Account Access & Security - Quiz Flashcards
Snowflake uses the following access control schemes: Role Based Access Control (RBAC) and ___________.
Discretionary Access Control (DAC)
Which system-define role is it recommended to assign custom roles to? Choose one correct value.
-ORGADMIN
-ACCOUNTADMIN
-SECURITYADMIN
-SYSADMIN
-USERADMIN
SYSADMIN
If custom roles are not assigned to the SYSADMIN role, system admins will not be able to manage the objects owned by the custom role.
If the user property DISABLE_MFA was set to true, the user would need to re-enroll to use multi-factor authentication again. True or false?
True
Network policies currently support which type of IP address?
IPv4
“Network policies currently support only Internet Protocol version 4 (i.e.

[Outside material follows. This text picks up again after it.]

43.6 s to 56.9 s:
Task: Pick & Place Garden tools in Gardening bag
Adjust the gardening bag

IPv4) addresses.” - https://docs.snowflake.com/en/user-guide/network-policies.html
Key rotation is the practice of transparently replacing existing account and table encryption keys every __ number of days.
30
Only standard views can be designated as secure. True or false?
False
The ACCOUNT_USAGE share contains a database called SNOWFLAKE. The views in this database are used to provide fine-grained metrics at the account and object level. What is the maximum number of months data in these views available for?
12
Certain account usage views provide historical usage metrics. The retention period for these views is 1 year.

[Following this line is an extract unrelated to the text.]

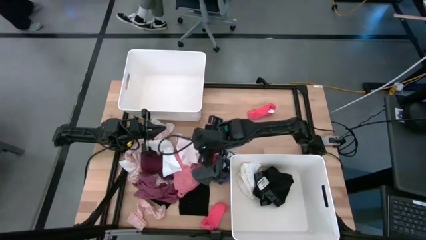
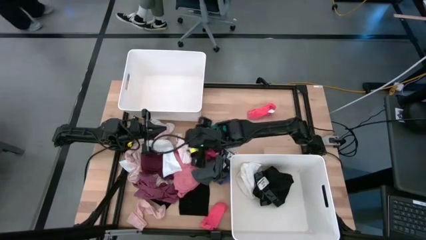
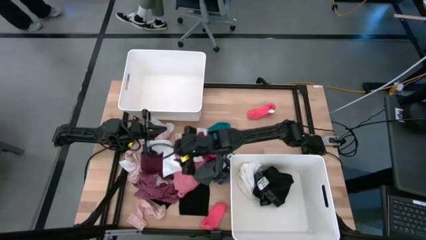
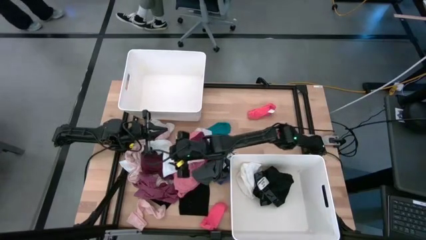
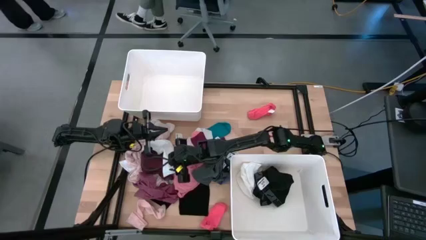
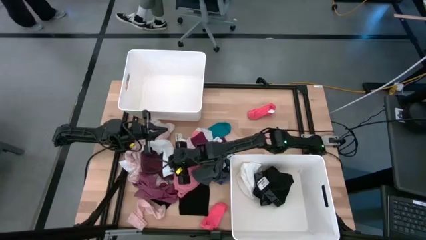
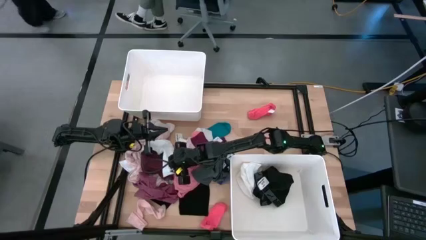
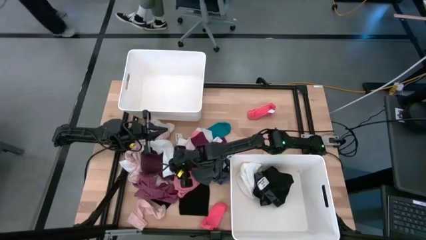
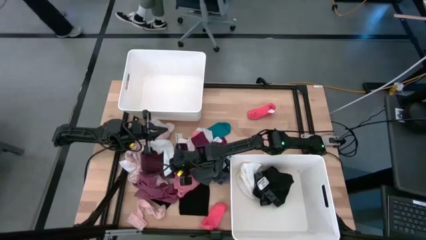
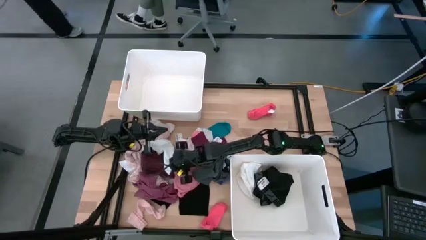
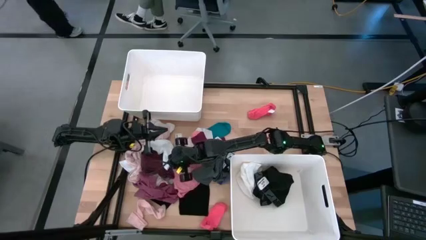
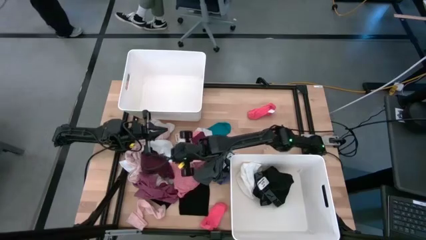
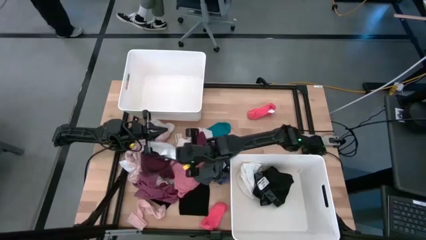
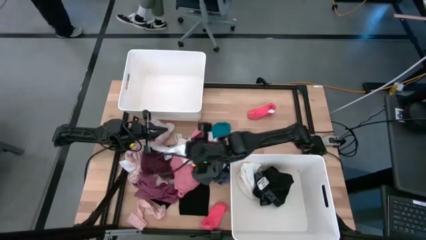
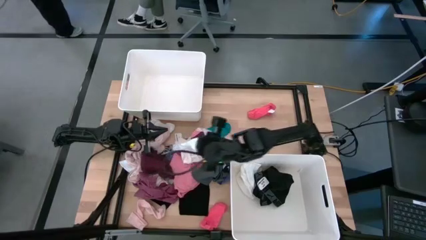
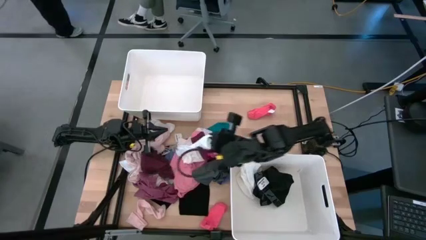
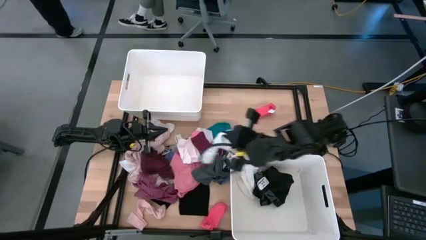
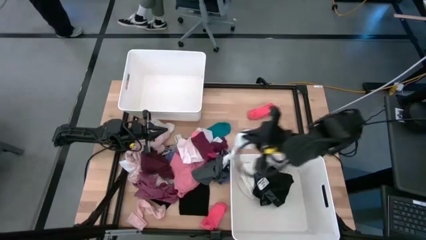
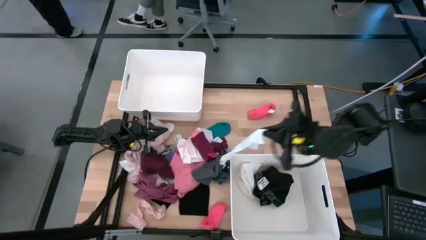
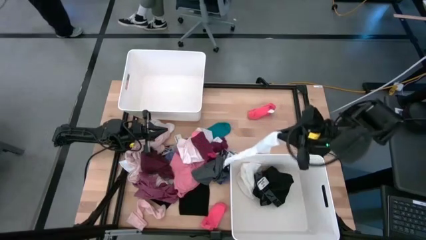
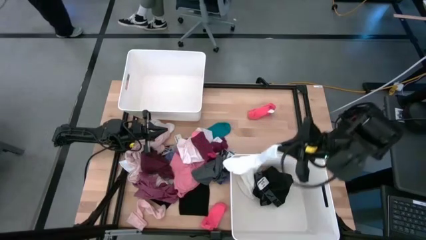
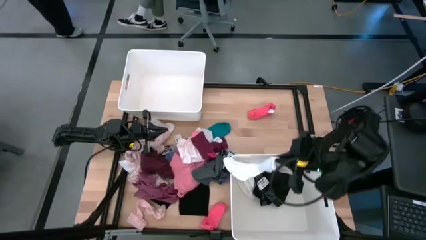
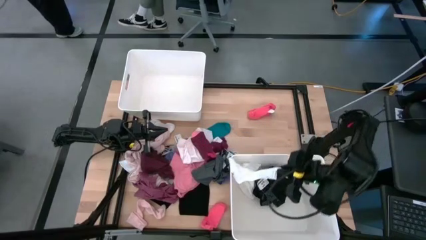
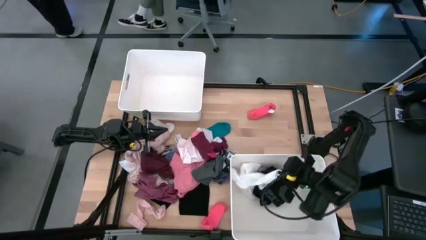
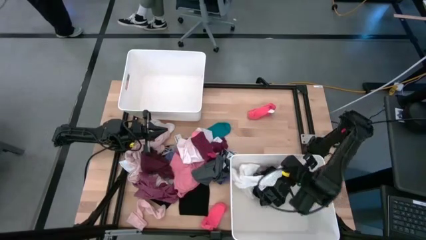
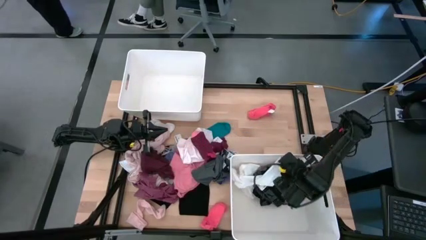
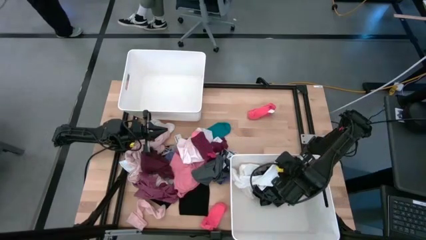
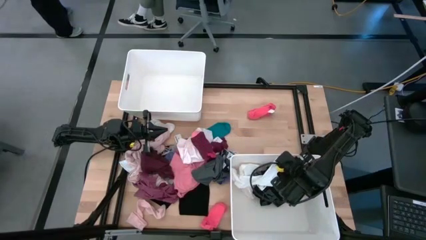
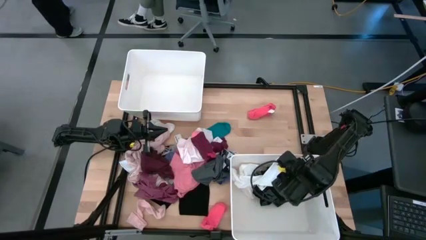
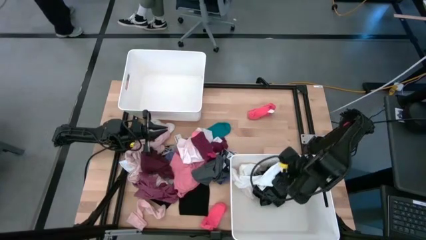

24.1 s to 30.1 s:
Task: Sort clothes
Put the white sock into the bottom white bin

By default, which system-define role can access the SNOWFLAKE database?
ACCOUNTADMIN
Account usage views record dropped objects. True or false?
True
If the role ACCOUNTADMIN was currently active, what would a user see issuing a query that included an email column with the below column masking policy applied to it?

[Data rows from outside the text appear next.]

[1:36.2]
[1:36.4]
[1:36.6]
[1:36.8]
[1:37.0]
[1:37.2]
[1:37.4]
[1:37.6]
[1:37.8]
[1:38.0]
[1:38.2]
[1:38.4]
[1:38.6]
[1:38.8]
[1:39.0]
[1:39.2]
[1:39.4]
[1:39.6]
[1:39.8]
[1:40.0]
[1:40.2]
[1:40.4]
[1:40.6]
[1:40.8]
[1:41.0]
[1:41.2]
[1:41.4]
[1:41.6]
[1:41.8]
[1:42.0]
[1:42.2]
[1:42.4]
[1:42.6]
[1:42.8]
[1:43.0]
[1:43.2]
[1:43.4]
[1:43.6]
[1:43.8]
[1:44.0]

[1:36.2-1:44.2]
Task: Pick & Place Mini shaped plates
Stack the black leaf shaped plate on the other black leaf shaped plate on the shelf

CREATE MASKING POLICY EMAIL_MASK AS (VAL STRING) RETURN STRING ->
CASE
WHEN CURRENT_ROLE() IN (‘ADMIN’) THEN VAL
WHEN CURRENT_USER() IN (‘DEVELOPER’) THEN REGEXP_REPLACE(VAL, ‘.+@’, ‘@’)
ELSE ‘**’
END;
A fully masked email
The ACCOUNTADMIN role would fall under the else condition in the policy body as it’s neither the ADMIN or DEVELOPER role, therefore returning the fully masked email.